CoNFiLD-inlet: Synthetic Turbulence Inflow Using Generative Latent Diffusion Models with Neural Fields

TL;DR

CoNFiLD-inlet is presented, a novel DL-based inflow turbulence generator that integrates diffusion models with a conditional neural field (CNF)-encoded latent space to produce realistic, stochastic inflow turbulence.

Abstract

Eddy-resolving turbulence simulations require stochastic inflow conditions that accurately replicate the complex, multi-scale structures of turbulence. Traditional recycling-based methods rely on computationally expensive precursor simulations, while existing synthetic inflow generators often fail to reproduce realistic coherent structures of turbulence. Recent advances in deep learning (DL) have opened new possibilities for inflow turbulence generation, yet many DL-based methods rely on deterministic, autoregressive frameworks prone to error accumulation, resulting in poor robustness for long-term predictions. In this work, we present CoNFiLD-inlet, a novel DL-based inflow turbulence generator that integrates diffusion models with a conditional neural field (CNF)-encoded latent space to produce realistic, stochastic inflow turbulence. By parameterizing inflow conditions using Reynolds numbers, CoNFiLD-inlet generalizes effectively across a wide range of Reynolds numbers ($Re_τ$ between $10^3$ and $10^4$) without requiring retraining or parameter tuning. Comprehensive validation through a priori and a posteriori tests in Direct Numerical Simulation (DNS) and Wall-Modeled Large Eddy Simulation (WMLES) demonstrates its high fidelity, robustness, and scalability, positioning it as an efficient and versatile solution for inflow turbulence synthesis.

Figures (57)

• Figure 1: Overview of the proposed CoNFiLD-inlet model. The dashed lines denote the extra conditioning information (the mean velocity $\langle u\rangle(y)$) that can be provided to guide the conditional generation process.
• Figure 1: Statistical validation of the DNS training dataset. (a) Mean velocity profile, validated against the data from moser1999direct. (b) Turbulence intensity,compared with moser1999direct. (c) Root-mean-square values of pressure fluctuations, compared with kim1987turbulence. (d) Reynolds shear stress, compared with abe2001direct. (e) Energy spectra along streamwise direction and (f) spanwise direction, compared with rai1991direct.

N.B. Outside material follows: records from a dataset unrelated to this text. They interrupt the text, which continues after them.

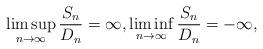
LaTeX: \begin{align*} \limsup_{n\to \infty}\frac{S_n}{D_n}=\infty, \liminf_{n\to \infty}\frac{S_n}{D_n}=-\infty, \quad\end{align*}
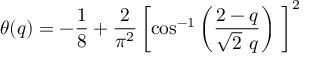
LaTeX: \theta ( q ) = - \frac { 1 } { 8 } + \frac { 2 } { \pi ^ { 2 } } \left[ \cos ^ { - 1 } \left( \frac { 2 - q } { \sqrt { 2 } \ q } \right) \ \right] ^ { 2 }
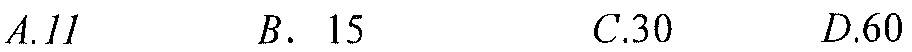
\(A.11\quad B.\ 15\quad C.30\quad D.60\)
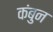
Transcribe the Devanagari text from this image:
कंबुन
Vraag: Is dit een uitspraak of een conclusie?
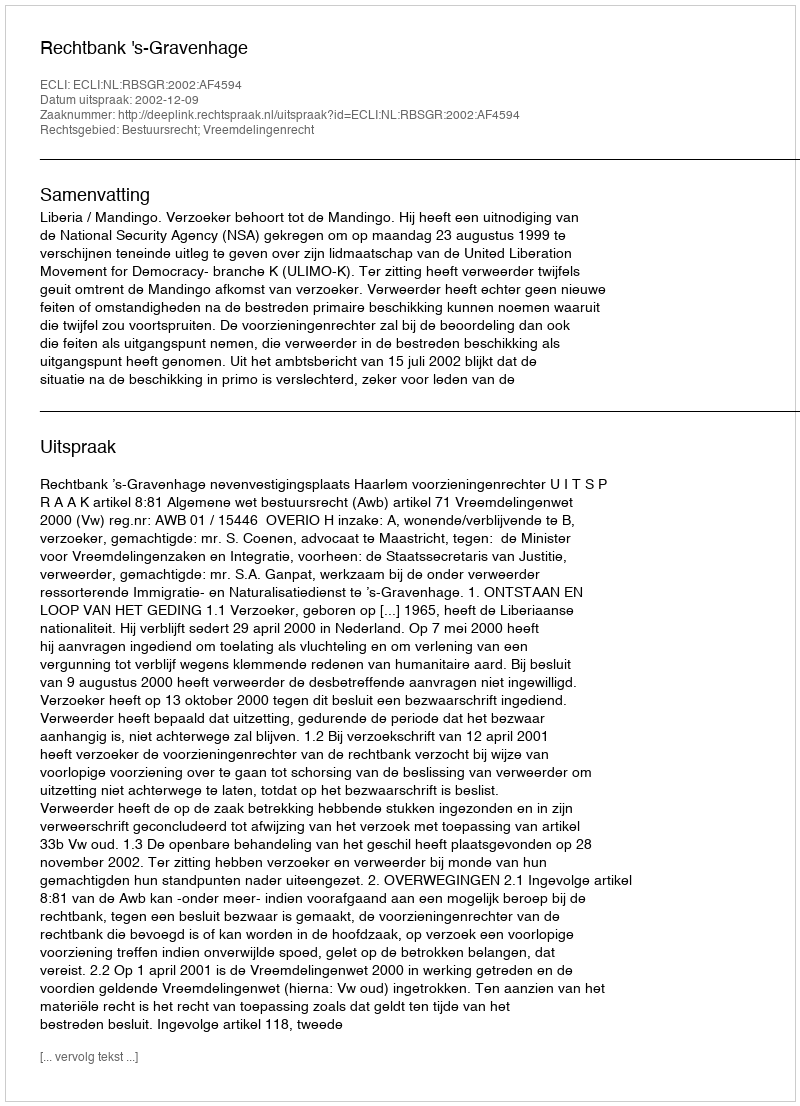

Solid lines represent the present simulation, while scatter points denote reference data.
• Figure 1: Statistics of a priori test of the $5$ random samples generate by CoNFiLD-inlet at $Re_\tau=5000$. Each sample is represented by one color while the reference data is marked by the black dashed line. Among them, we pick the visually best sample to report in the main test which is colored by orange. (a) Mean velocity profile. (b) Auto correlation $R_{11}$ at channel center. (c) Reynolds shear stress $\langle u'v'\rangle$. Turbulence intensity of $u$ (d) and $w$ (e). (f) Turbulence Kinetic Energy (TKE) along span wise wavenumber at channel center.
• Figure 1: Stretching mesh (a) versus the uniform mesh (b) for the DNS $\mathbb{I}$
• Figure 1: Two dimensional t-SNE visualization of the training data used in the DNS inlet generator. The velocity field at each time step is projected as one dot and the color indicates the time step.